また、記事にあった国連放射線影響科学委員会の見解については、ネット上にもいろいろな情報がありますが、それらを自分なりに(わからないなりに)まとめると、だいたい以下のような内容です。

 

「福島県に住む成人の平均生涯実効被ばく線量は10mSv以下で、最初の1年間の被ばく線量はその半分か3分の1であると推定できる。また、リスクモデルによる推定は癌リスクの増加を示唆するが、放射線誘発性の癌は他の癌と区別がつかないので、事故による放射線被ばくが原因の癌発症率の増加は予期されない」

 

といった感じですが、ちょっとわかりづらいですね。リスクが無いとは言わないが、区別がつくほどではないから(区別する方法がないから?)危険とは言えない。
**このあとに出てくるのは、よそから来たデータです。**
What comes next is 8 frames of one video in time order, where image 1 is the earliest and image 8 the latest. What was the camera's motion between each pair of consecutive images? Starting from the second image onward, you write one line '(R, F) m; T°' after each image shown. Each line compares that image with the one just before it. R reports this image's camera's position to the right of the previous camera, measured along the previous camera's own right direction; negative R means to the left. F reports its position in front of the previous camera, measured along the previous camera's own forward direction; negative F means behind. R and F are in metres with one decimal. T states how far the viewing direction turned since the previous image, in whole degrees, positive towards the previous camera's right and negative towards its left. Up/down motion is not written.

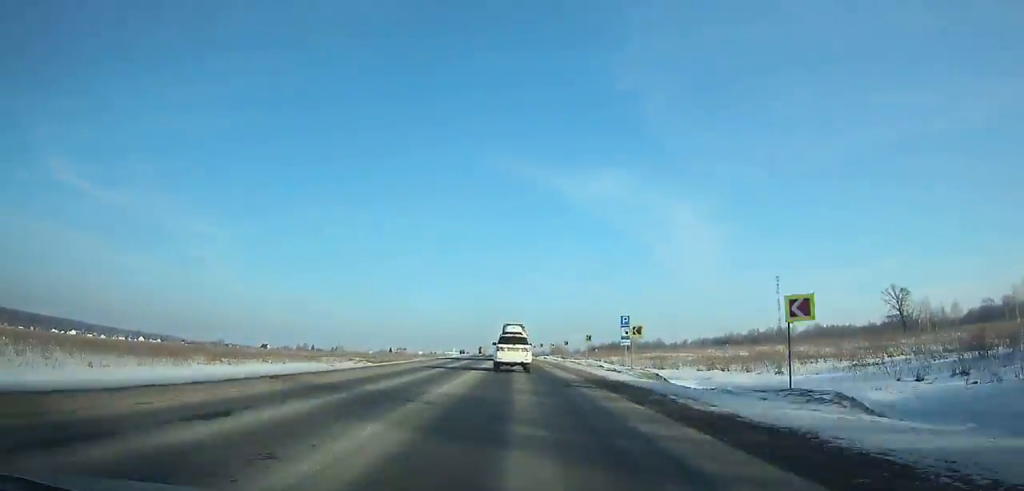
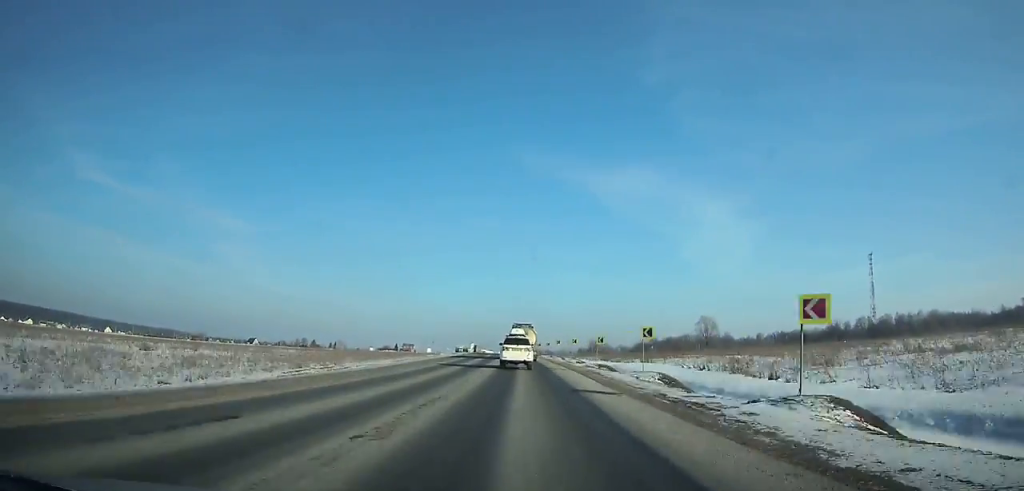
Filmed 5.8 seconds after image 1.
(-3.0, +120.3) m; -3°
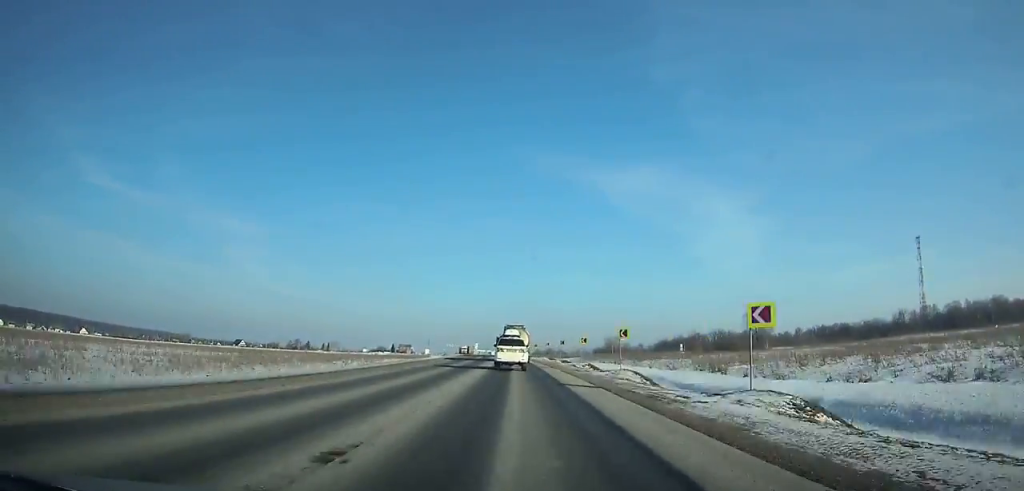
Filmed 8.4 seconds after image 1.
(-0.6, +53.5) m; -2°
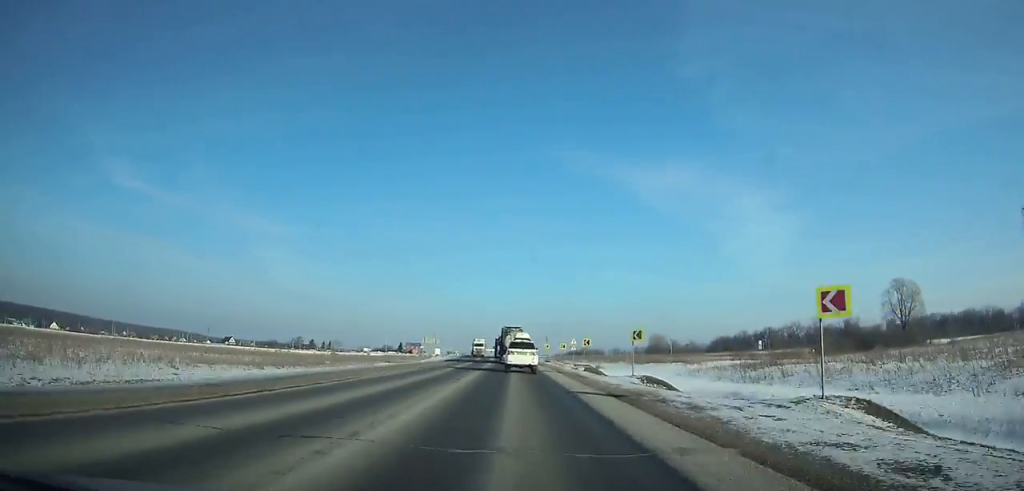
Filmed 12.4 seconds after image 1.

何十年か先になって事故の影響を調べても、影響があったという結果にはならないだろう…といった感じでしょうか。

 

 

結局のところ、最後は個人の考えというか価値観の話しなのでしょうね。少しのリスクであっても避けたいと思えばそうすれば良いですし、その程度のリスクだと思えばふだん通りで良いのだろうと思います。

 

自分は、世の中にあるリスクに過敏になって神経を使いながら生活するよりも、そうしたことをあまり気にせず、のんびり生きることを選択します。たぶん、そのほうが健康に過ごせそう…。

 

例えば、喫煙には肺がんのリスクがありますし、飲酒には肝臓がんなどのリスクがあります。生きている以上は何かしらのリスクを負っているのですよね。その中で、特定のリスクだけを考えても仕方がないです。